[Start of Attachment]

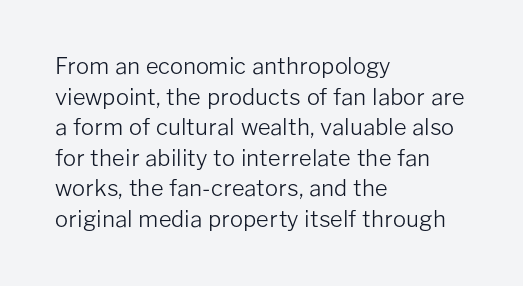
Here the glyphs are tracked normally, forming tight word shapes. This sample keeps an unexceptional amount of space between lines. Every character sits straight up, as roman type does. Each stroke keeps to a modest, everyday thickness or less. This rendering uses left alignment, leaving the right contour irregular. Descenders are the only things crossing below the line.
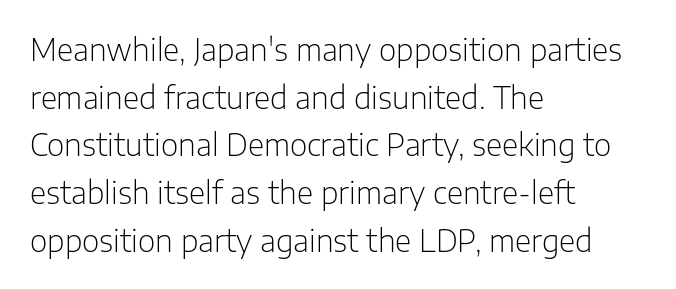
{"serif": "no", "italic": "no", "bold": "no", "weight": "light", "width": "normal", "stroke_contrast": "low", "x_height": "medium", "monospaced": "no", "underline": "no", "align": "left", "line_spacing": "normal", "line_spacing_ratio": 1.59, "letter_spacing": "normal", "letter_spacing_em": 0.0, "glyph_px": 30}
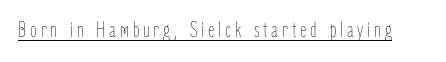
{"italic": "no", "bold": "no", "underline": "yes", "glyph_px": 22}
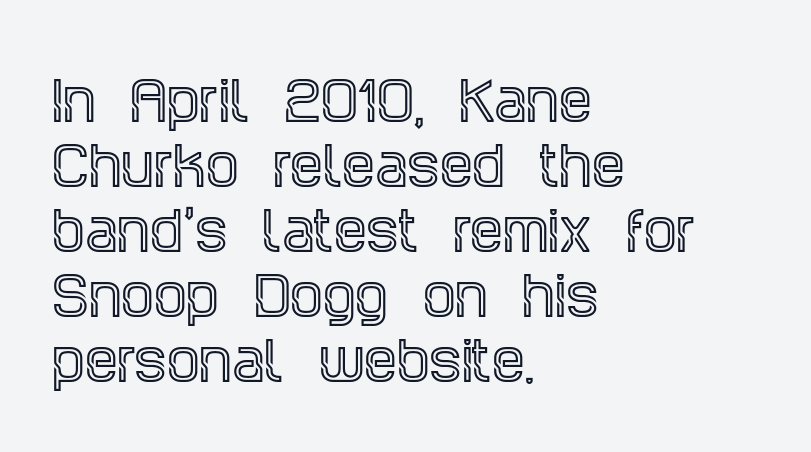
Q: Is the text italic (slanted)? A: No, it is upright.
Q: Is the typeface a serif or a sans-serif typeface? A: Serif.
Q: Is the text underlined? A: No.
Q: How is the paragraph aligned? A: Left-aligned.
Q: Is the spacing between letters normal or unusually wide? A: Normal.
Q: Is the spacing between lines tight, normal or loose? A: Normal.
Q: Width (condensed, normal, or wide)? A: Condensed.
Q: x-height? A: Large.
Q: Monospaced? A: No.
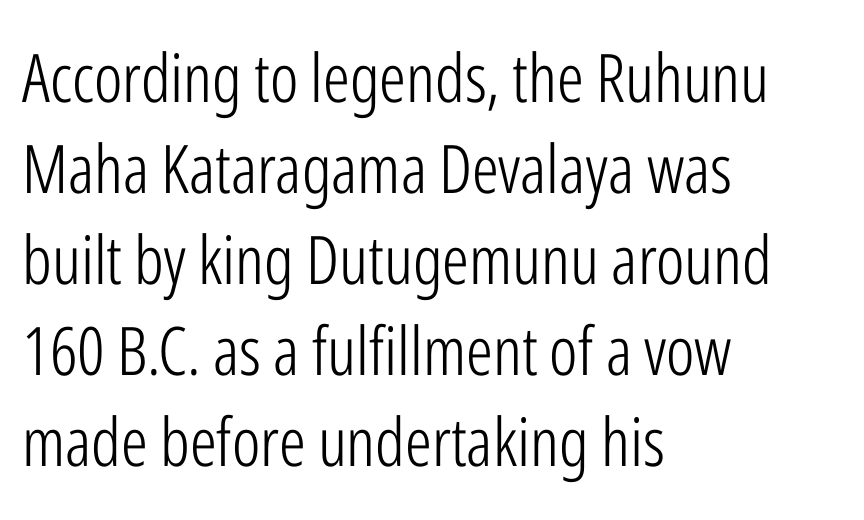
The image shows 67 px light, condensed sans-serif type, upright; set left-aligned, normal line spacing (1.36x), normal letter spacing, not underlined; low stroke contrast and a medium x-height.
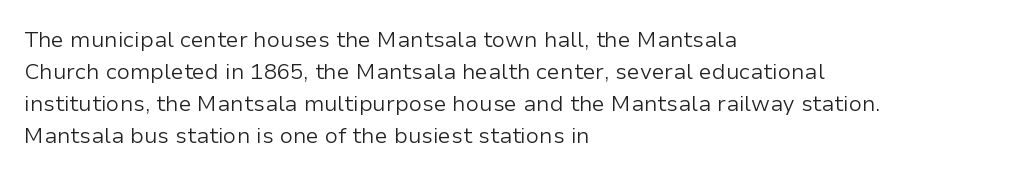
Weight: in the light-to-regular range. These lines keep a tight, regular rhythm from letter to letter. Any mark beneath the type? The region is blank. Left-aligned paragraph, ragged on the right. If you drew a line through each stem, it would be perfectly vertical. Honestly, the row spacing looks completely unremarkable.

[End of Attachment]

Pictures are to be dropped, and the remaining data set down exactly.

Here the glyphs are tracked normally, forming tight word shapes. This sample keeps an unexceptional amount of space between lines. Every character sits straight up, as roman type does. Each stroke keeps to a modest, everyday thickness or less. This rendering uses left alignment, leaving the right contour irregular. Descenders are the only things crossing below the line.
{"serif": "no", "italic": "no", "bold": "no", "weight": "light", "width": "normal", "stroke_contrast": "low", "x_height": "medium", "monospaced": "no", "underline": "no", "align": "left", "line_spacing": "normal", "line_spacing_ratio": 1.59, "letter_spacing": "normal", "letter_spacing_em": 0.0, "glyph_px": 30}
{"italic": "no", "bold": "no", "underline": "yes", "glyph_px": 22}
Q: Is the text italic (slanted)? A: No, it is upright.
Q: Is the typeface a serif or a sans-serif typeface? A: Serif.
Q: Is the text underlined? A: No.
Q: How is the paragraph aligned? A: Left-aligned.
Q: Is the spacing between letters normal or unusually wide? A: Normal.
Q: Is the spacing between lines tight, normal or loose? A: Normal.
Q: Width (condensed, normal, or wide)? A: Condensed.
Q: x-height? A: Large.
Q: Monospaced? A: No.
The image shows 67 px light, condensed sans-serif type, upright; set left-aligned, normal line spacing (1.36x), normal letter spacing, not underlined; low stroke contrast and a medium x-height.
Weight: in the light-to-regular range. These lines keep a tight, regular rhythm from letter to letter. Any mark beneath the type? The region is blank. Left-aligned paragraph, ragged on the right. If you drew a line through each stem, it would be perfectly vertical. Honestly, the row spacing looks completely unremarkable.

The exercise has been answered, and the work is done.